We agree with the trial court's ruling and the reasoning supporting it. Woo made the declaration to his treating physician immediately after being transported from the accident scene to the VA. His physician transcribed the statement in her own handwriting. The statement reflected Woo's medical condition at the time of the accident, something a concerned patient would undoubtedly want to share with his or her doctor. Hence, it was made with intent to facilitate medical diagnosis and treatment. Furthermore, losing consciousness suddenly would undoubtedly prompt medical attention, and any information concerning the episode is reasonably pertinent to diagnosis and treatment. 14 We therefore find ample record evidence that the statement was made for the purpose of medical diagnosis and treatment, and we will not disturb the trial court's ruling on the matter.

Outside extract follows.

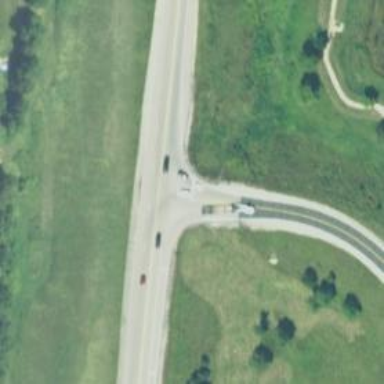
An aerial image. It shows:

Hansen also suggests that Woo's statement is inherently untrustworthy because it is self-serving and because Woo could have contrived his "story" about passing out before the accident while in the ambulance on the way to the VA. Although the declaration was ultimately exculpatory, it also expressed a past or present symptom, which is admissible under rule 803(4). A statement that qualifies for a hearsay exception should not be stricken merely because it is self-serving unless there is substantial doubt about its trustworthiness. 15

At the time of the accident, Woo was 78 years old, was ailing, and had difficulty expressing himself in English. It is doubtful that he knew that, as a matter of law, unconsciousness could absolve him of liability, much less that he had the wherewithal to fabricate a story while in the back of an ambulance. Woo's statement engenders no inherent lack of trustworthiness; on the contrary, we believe the trial court was correct in ruling that it is a reliable declaration, qualifying for exemption from the hearsay rule under section 803(4).

IV. WOO'S MEDICAL RECORDS

Hansen complains that the medical record containing Woo's initial statement and his subsequent records referring to syncope are inadmissible hearsay because Woo's treating physician was not available to lay the proper foundation for the records and again...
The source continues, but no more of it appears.